Berwyn, Illinois Business Brokers
BusinessBrokers.net is actively building its broker network in Berwyn, Illinois. For now, the best step is to contact a listed broker in a nearby covered city — Chicago, Oak Park, or Naperville — or browse the Illinois state broker directory. Look for advisors experienced in healthcare services or food manufacturing, Berwyn's two largest employment sectors by verified 2023 data.
0 Brokers in Berwyn
BusinessBrokers.net is actively building its broker network in Berwyn.
Market Overview
Berwyn's economy runs on two dominant pillars: healthcare and manufacturing. Health Care & Social Assistance is the city's top employment sector, with 4,031 workers — anchored by Loyola MacNeal Hospital, a 374-bed fully accredited teaching hospital operating within the Loyola Medicine system. Manufacturing ranks second at 3,404 workers, with Turano Baking Company serving as the sector's most visible anchor. Family-owned since 1967 and headquartered on Roosevelt Road, Turano produces more than 400 bread varieties distributed nationally — a scale that signals genuine industrial depth, not just neighborhood commerce.
Retail Trade adds another 3,148 workers, spread across active commercial corridors on Cermak Road, Roosevelt Road, and the Depot District. That employment base is backed by a population of 55,888 residents (2023) earning a median household income of $75,235 — a stable consumer foundation for locally owned businesses.
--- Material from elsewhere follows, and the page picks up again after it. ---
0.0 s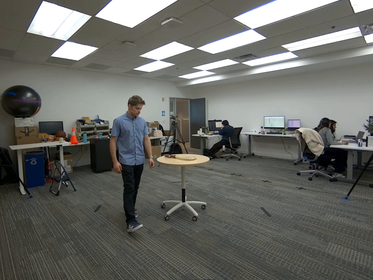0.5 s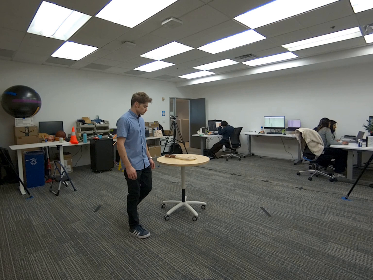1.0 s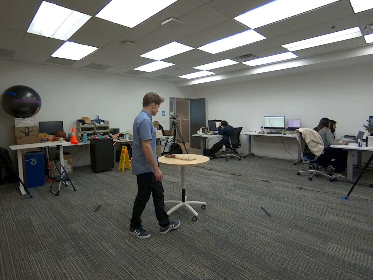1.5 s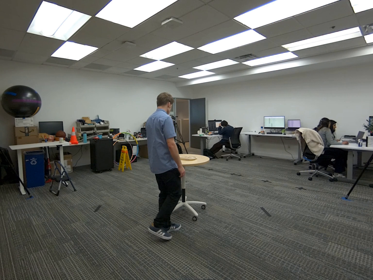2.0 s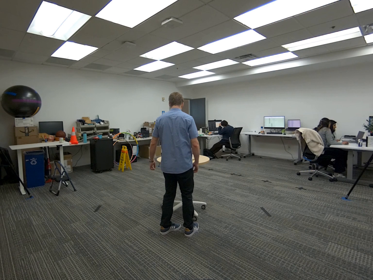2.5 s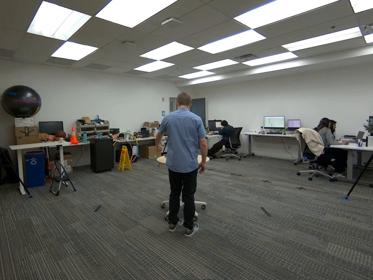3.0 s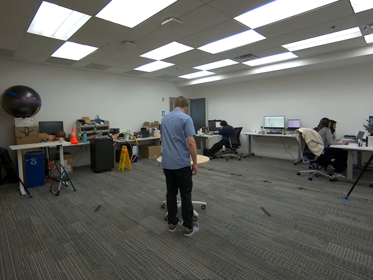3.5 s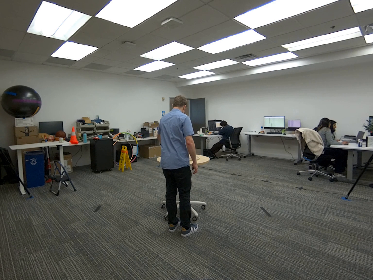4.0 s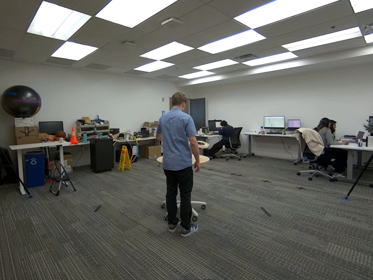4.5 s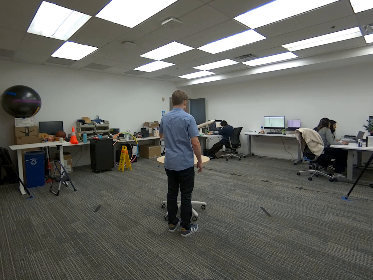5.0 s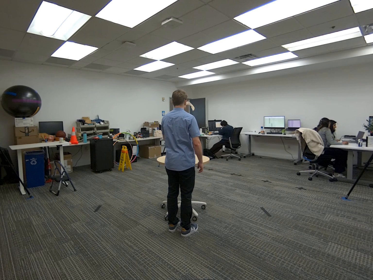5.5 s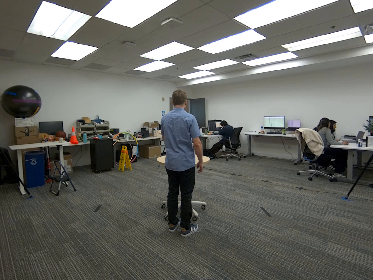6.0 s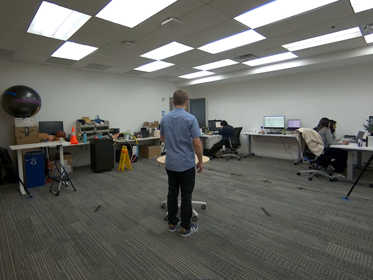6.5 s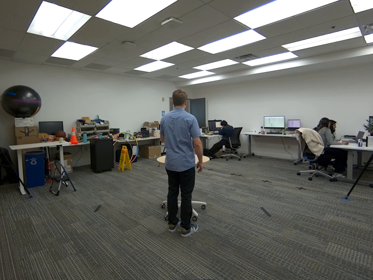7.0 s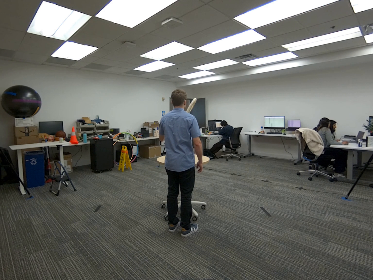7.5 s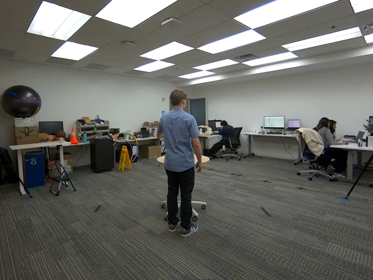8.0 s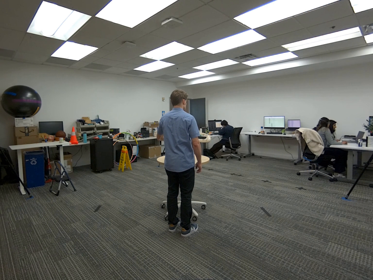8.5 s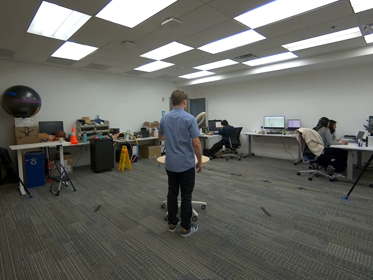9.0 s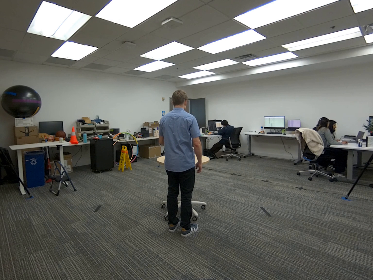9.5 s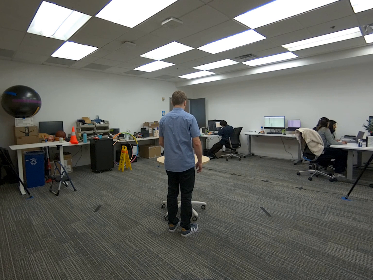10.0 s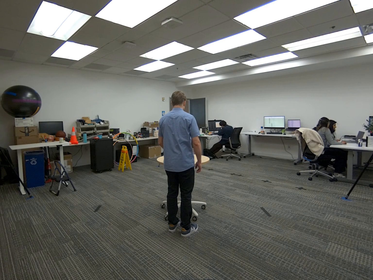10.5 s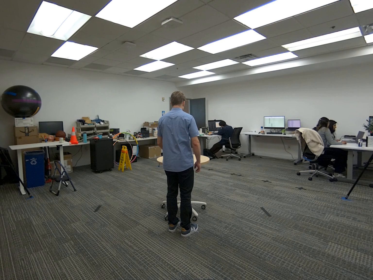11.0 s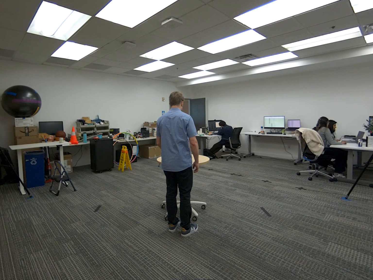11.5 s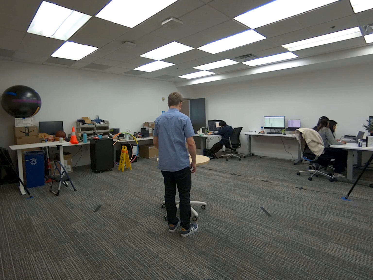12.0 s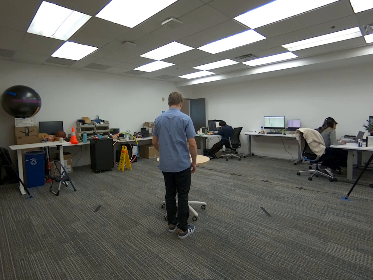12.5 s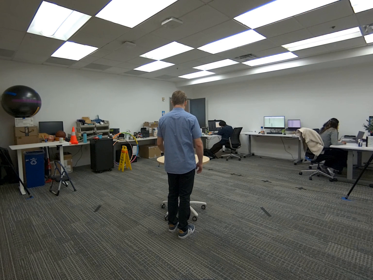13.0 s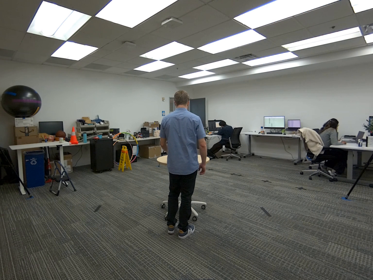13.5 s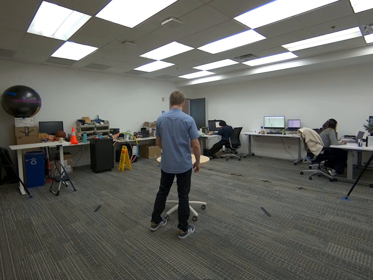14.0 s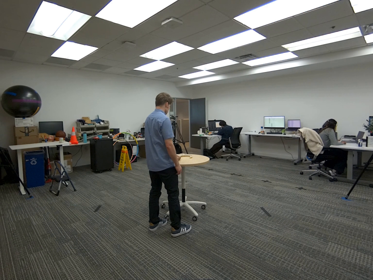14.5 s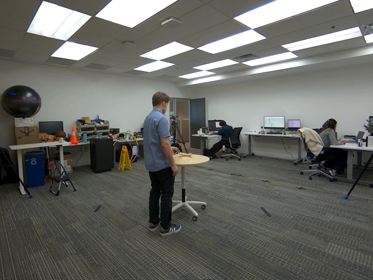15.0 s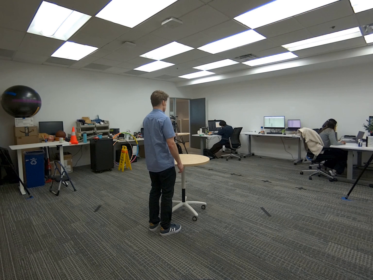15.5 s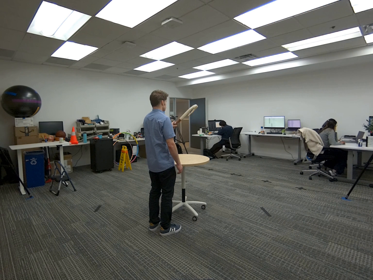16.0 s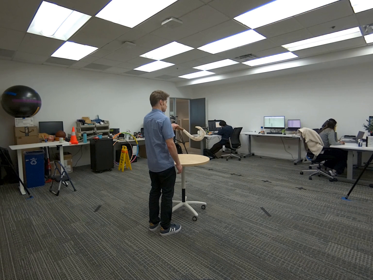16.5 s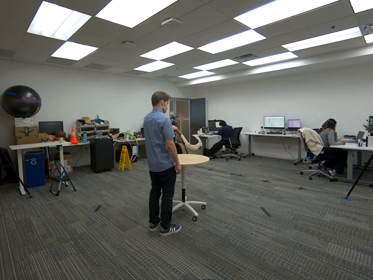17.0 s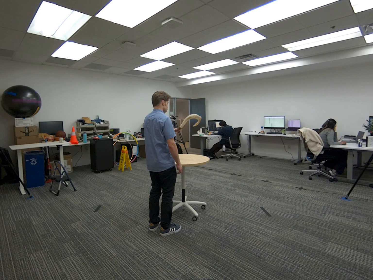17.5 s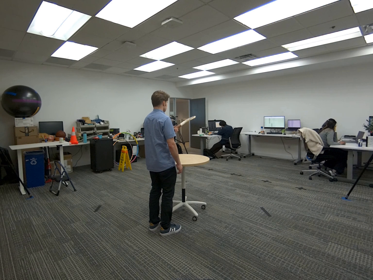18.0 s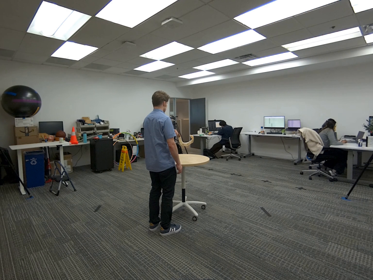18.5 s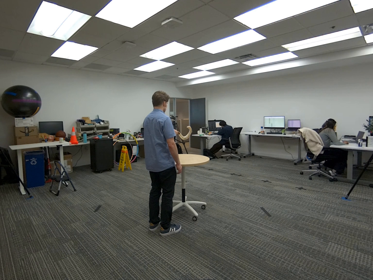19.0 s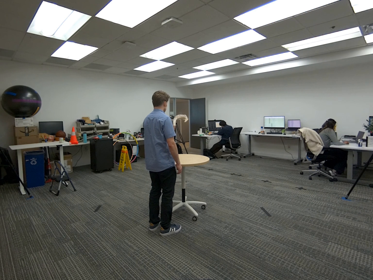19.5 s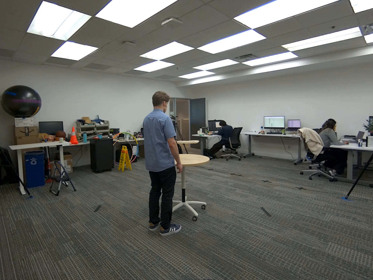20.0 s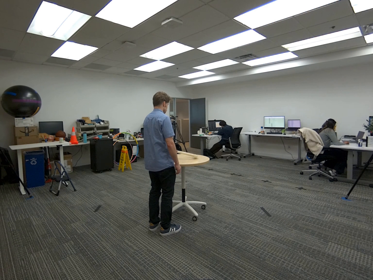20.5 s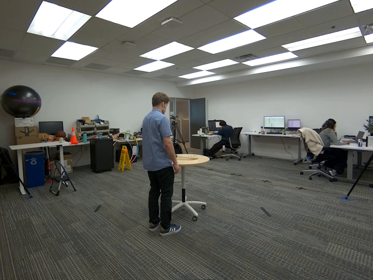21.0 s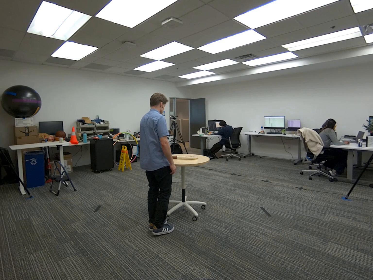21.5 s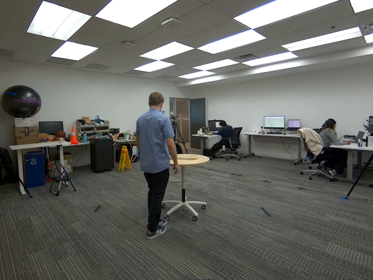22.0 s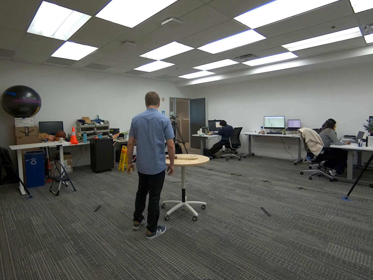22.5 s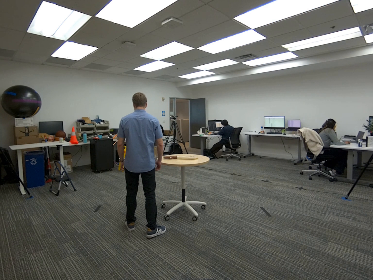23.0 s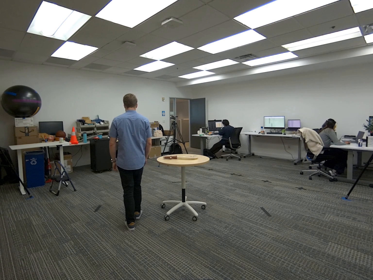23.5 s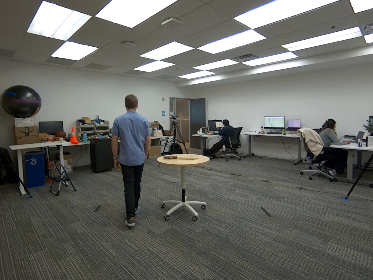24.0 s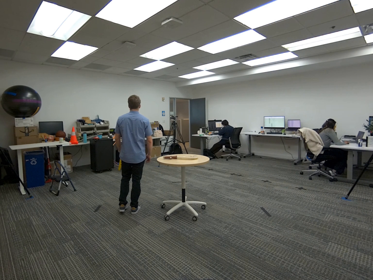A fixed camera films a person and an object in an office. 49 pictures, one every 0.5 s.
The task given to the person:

Berwyn's position in the Chicago metro works in sellers' favor. Sitting roughly eight miles west of the Loop, the city draws from one of the Midwest's largest concentrations of business buyers and acquisition capital. Nationally, 2024 closed with 9,546 small-business transactions — a 5% increase over 2023 — and total enterprise value climbed 15% to $7.59 billion. Those macro trends filter down to inner-ring suburbs like Berwyn, where established businesses in healthcare, food manufacturing, and retail attract buyers priced out of closer-in Chicago neighborhoods.
Top Industries
Health Care & Social Assistance
Healthcare tops Berwyn's employment rankings at 4,031 workers, and that concentration creates real M&A opportunity. Loyola MacNeal Hospital — a 374-bed teaching hospital — acts as a gravitational center, drawing ancillary providers into the surrounding area. Medical practices, home health agencies, physical therapy clinics, and behavioral health offices all benefit from proximity to that patient and referral base. For buyers, these businesses offer recurring revenue, established patient panels, and in some cases, payer contracts that transfer with the practice. Sellers in this sector should expect buyers who understand healthcare-specific due diligence, including credentialing, compliance records, and payer mix.
Manufacturing
Manufacturing employs 3,404 Berwyn workers — second only to healthcare. Food manufacturing defines the sector's character here. Turano Baking Company has operated on Roosevelt Road since 1967, grown to distribute more than 400 bread varieties nationwide, and remains one of Berwyn's largest private employers. That kind of anchor validates the broader food-production supply chain around it: ingredient suppliers, packaging vendors, commercial equipment services, and specialty food producers. Buyers targeting manufacturing acquisitions in Berwyn should look for businesses embedded in that supply network, where customer relationships and operational know-how carry most of the value.
Retail Trade & Food Service
Retail Trade employs 3,148 workers and is organized around four TIF-incentivized commercial corridors: Cermak Road, Harlem/Ogden, Depot District, and Roosevelt Road. Each corridor has a distinct business mix. The Depot District, in particular, draws independent restaurants and boutique retailers that transact frequently as owners approach retirement or pursue new ventures. TIF designations along these corridors can affect deal structure — buyers should confirm whether any incentive agreements, grants, or improvement liens attach to a business location's real estate component before closing.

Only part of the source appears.